The last place Andrea Lowe Garwood would have expected to be gunned down was inside a church, and certainly not as she sang and prayed in worship. Surely, hell had no place in this holy sanctuary.
But death was no stranger to this woman of faith. Last December, she was still openly struggling to find a fitting way of memorialising the first Christmas without her husband, Jeffery Garwood, who had been killed six months before. The previous December she had lost her mother. The solution she came up with was a Christmas tree bedecked with photographs as ornaments.
The 59-year old Jeffery Garwood was killed during a motor vehicle collision in St James last July which reportedly involved what was believed to have been the getaway car with men on-board who had committed a crime and were fleeing the police.
Appearing in the second of a two-part series on the programme Healing Momentson Trelawny-based radio station FIT FM in December to address how she dealt with the trauma, Lowe Garwood said one of the toughest aspects of her husband’s death was the fact that she was unable to say goodbye in a funeral service in the format she would have wanted due to the restrictions imposed because of the coronavirus pandemic.
“One of the hardest parts is I didn’t get to say a proper final goodbye. I was supposed to do his remembrance. I was only with my husband for over three years. I wanted to showcase those beautiful parts of him; the person I knew and that I was proud to be his wife, and I didn’t get that opportunity, COVID came and everything just changed,” she lamented.
Her journey of grief, she said, then was not just painful, but “hot, hot, hot”.
“The fact [is] that I didn’t get the opportunity to say the goodbye in a way I wanted to… in a way I thought was befitting for the person I knew,” she said.
Up to the time of her brutal murder the woman, who described herself to programme host Dr Asha Mwendo as full of “strength, bubbly, full of life, lights up a room”, disclosed that she was still going through therapy to help herself come to terms with the loss and had big plans to, after the pandemic, arrange a proper memorial service for the man whom she loved.
Attending church and worship after his death was even more painful, because her partner was no longer there. Ironically, on her last day on Earth, the place he would normally occupy was taken by the individual whose purpose for getting that close to her was to kill her.
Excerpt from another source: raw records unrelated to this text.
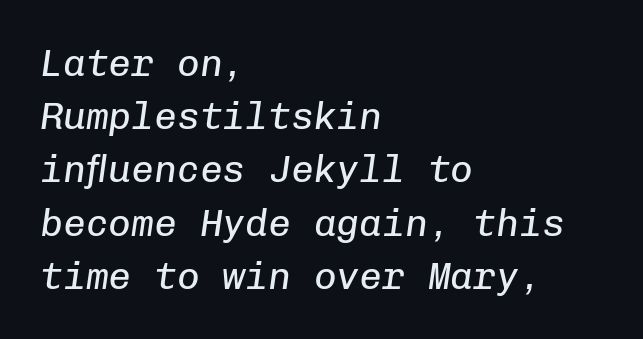
There's an unmistakable incline to the writing here. Spacing verdict: monospaced, one width for all characters. Stem width sits at or under what a default text font uses. How are the letters spaced? Ordinarily, with no added tracking. Which margin do the lines hug? The left one — the right edge is uneven. A clean baseline with only descenders dipping below it.
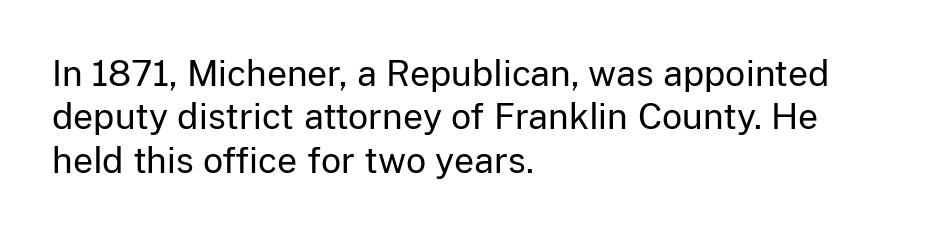
Q: Is the text bold? A: No.
Q: Is the text italic (slanted)? A: No, it is upright.
Q: Is the typeface a serif or a sans-serif typeface? A: Sans-serif.
Q: Is the text underlined? A: No.
Q: How is the paragraph aligned? A: Left-aligned.
Q: Is the spacing between letters normal or unusually wide? A: Normal.
Q: Width (condensed, normal, or wide)? A: Normal.
Q: Stroke contrast? A: Low.
Q: x-height? A: Medium.
Q: Monospaced? A: No.
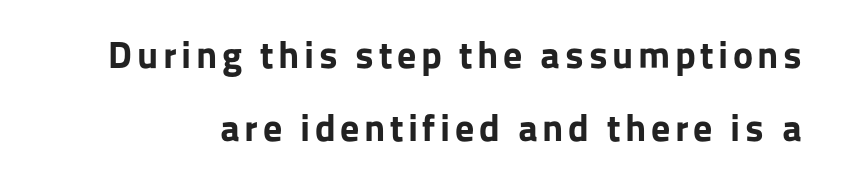
The image shows 38 px bold sans-serif type, upright; set loose line spacing (1.93x), not underlined; low stroke contrast and a medium x-height.
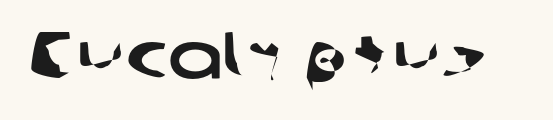
{"serif": "no", "width": "wide", "stroke_contrast": "low", "x_height": "medium", "monospaced": "no", "underline": "no", "letter_spacing": "normal", "letter_spacing_em": 0.0, "glyph_px": 65}
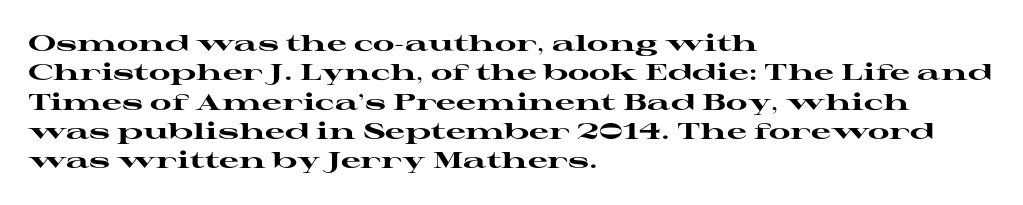
Every character sits straight up, as roman type does. Visually the block forms a straight wall on the left and a jagged coastline on the right. I'd describe the lettering as bold — thick and assertive. Unmarked baselines from the first word to the last.
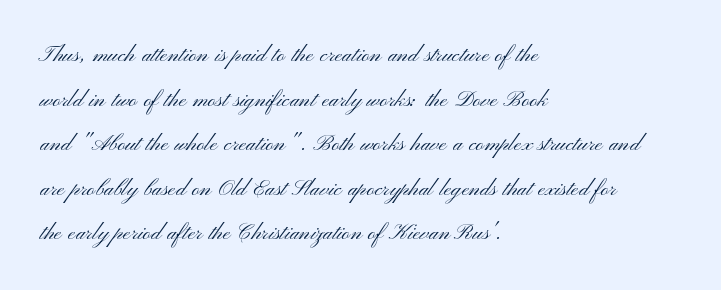
The font is comparable to plain body text, perhaps lighter. The letters sit at their default tracking, neither squeezed nor spread. Words float on clear page, feet unadorned. If you measured baseline to baseline, you'd find a middling distance.
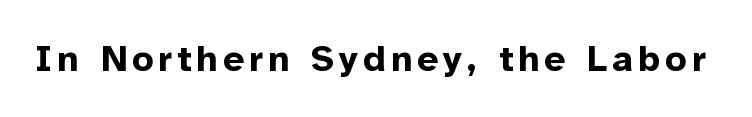
Every letter is thick-stroked: bold, no question. Vertical strokes here are truly vertical. Nope, no serifs anywhere on these letters. Do the characters align in a grid? No, the font is proportional.
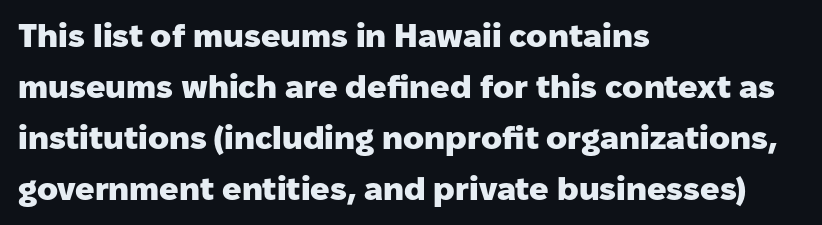
The image shows 32 px heavy sans-serif type, upright; set left-aligned, normal line spacing (1.59x), normal letter spacing, not underlined; low stroke contrast and a medium x-height.
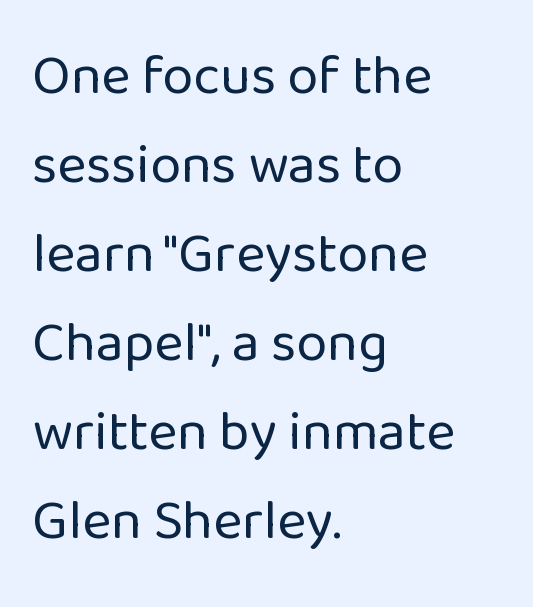
The area under the type is left untouched. These glyphs show unthickened strokes, regular width or finer. Classification — sans serif. Horizontal alignment here is leftward, the default for most running prose. Observe the ordinary spacing: letters are neighbours, not strangers.
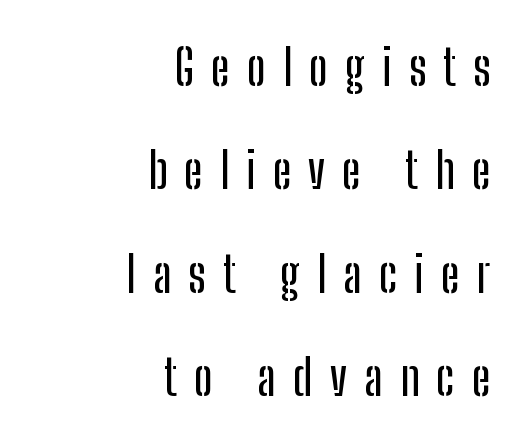
The image shows 49 px condensed sans-serif type, upright; set right-aligned, loose line spacing (2.11x), unusually wide letter spacing (+0.35 em), not underlined; low stroke contrast and a medium x-height.
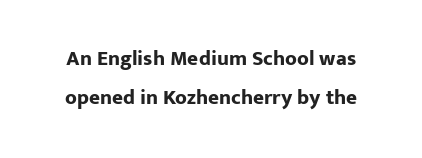
Q: Is the text bold? A: Yes.
Q: Is the text italic (slanted)? A: No, it is upright.
Q: Is the text underlined? A: No.
Q: Is the spacing between letters normal or unusually wide? A: Normal.
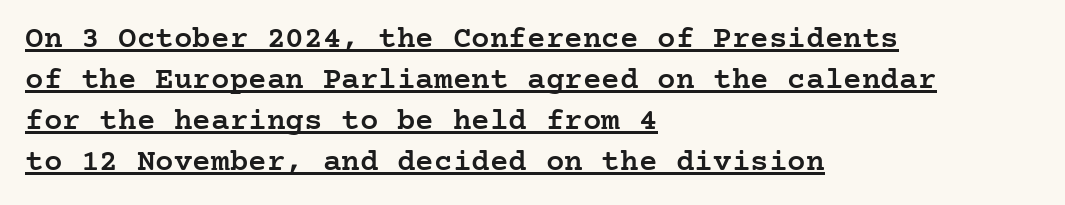
Q: Is the text bold? A: Semi-bold.
Q: Is the text italic (slanted)? A: No, it is upright.
Q: Is the typeface a serif or a sans-serif typeface? A: Serif.
Q: Is the text underlined? A: Yes.
Q: How is the paragraph aligned? A: Left-aligned.
Q: Is the spacing between letters normal or unusually wide? A: Normal.
Q: Is the spacing between lines tight, normal or loose? A: Normal.
Q: Width (condensed, normal, or wide)? A: Normal.
Q: Stroke contrast? A: Low.
Q: x-height? A: Medium.
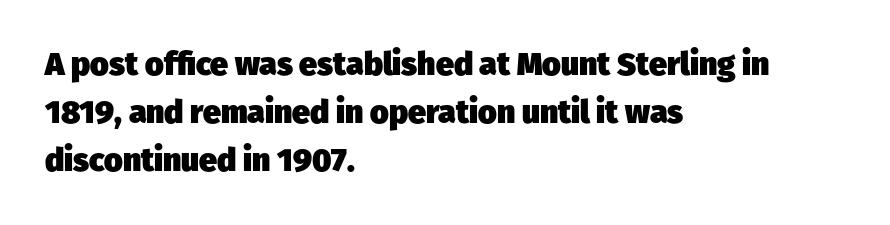
Q: Is the text bold? A: Yes.
Q: Is the typeface a serif or a sans-serif typeface? A: Sans-serif.
Q: Is the text underlined? A: No.
Q: How is the paragraph aligned? A: Left-aligned.
Q: Is the spacing between letters normal or unusually wide? A: Normal.
Q: Is the spacing between lines tight, normal or loose? A: Normal.
Q: Width (condensed, normal, or wide)? A: Normal.
Q: Stroke contrast? A: Low.
Q: x-height? A: Medium.
Q: Monospaced? A: No.
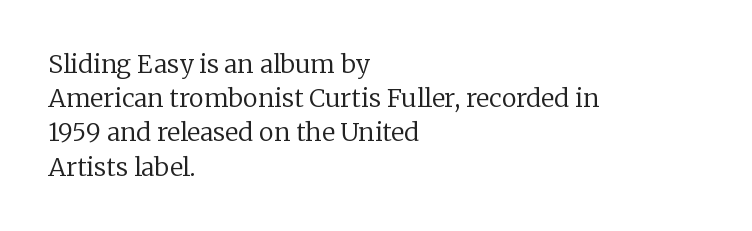
The image shows 25 px text type, upright; set left-aligned, normal line spacing (1.37x), normal letter spacing, not underlined.
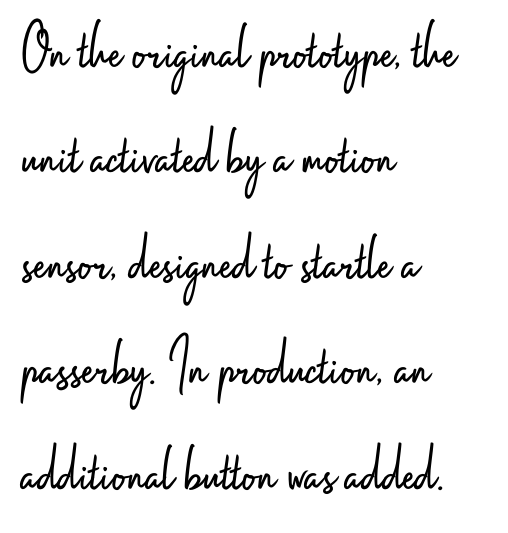
The rendering shows plain stroke endings on the letterforms — a sans-serif design. Left-aligned paragraph, ragged on the right. The glyphs are unaccompanied by any horizontal stroke below them. Leading: standard. Is the letter spacing exaggerated? No — it looks like the ordinary default.

“Jeffery and I went to church together, and we sat beside each other, but when COVID came he started to sit behind me because six feet apart was too far, and so he would sit behind me. So, most Sundays when I would go to church after his death I would be in a ‘hot mess’ because when I look to my right there is no Jeffery, when I look behind me, there is no Jeffery; so these are the little things that sometimes cause me to have a meltdown,” she told listeners.
Lowe Garwood was determined to grieve healthily without losing herself to the tide of grief because she had a goal, one she knew her husband would proudly endorse.
“After I decorated the Christmas tree, after my friend them gone, I put down a piece of good, good bawling, but guess what, I am living through it. I know one day I probably won’t put down any big, big bawling. I want at the end of grieving to say, ‘Thank you, Jesus, thank you for the lessons learnt, yuh never have to go so hard, but thank you.’ I want at the end persons to come to grips with their grief and transition (well); I want persons to be blessed,” she stated.
Unfortunately, for those who had not yet heard the story of the 51-year-old bank employee’s journey through grief from her own lips, it might be too late.
Lowe Garwood yesterday, some minutes after 10:00 am, became the latest name on police blotters, following a week in which rampaging criminals went on a spree committing murders, rapes, shootings, robberies, and break ins, some 34 incidents taking place between Tuesday and Saturday across nine of Jamaica’s 14 parishes.
According to information obtained by the Jamaica Observer, 14 of those incidents took place in Kingston divided among West Kingston, East Kingston and Kingston Central, with others spread across St Andrew South, St Andrew Central, and St Andrew North.
The blood stained other parishes such as St James, St Catherine, St Ann, Manchester, St Elizabeth, Portland, Hanover, Westmoreland, and Clarendon.
Among the victims in Kingston West are 25-year-old Tyrone Brown, an unemployed resident of Crook Street in Kingston; and an unidentified male who was killed during an exchange of gunfire between members of the security forces and gunmen along Christopher Road.
Several shooting incidents resulted in a number of individuals having to seek medical attention for injuries received.
Meanwhile, the market district in central Kingston was the scene of at least two killings.
Yesterday’s incident in the Trelawny capital was particularly chilling because of the presence of a video capturing the reaction of panic-stricken congregants and the sound of the fatal bullets circulating on social media.
Lowe Garwood had participated in her final worship on Earth. Her hapless killer escaped in a waiting vehicle.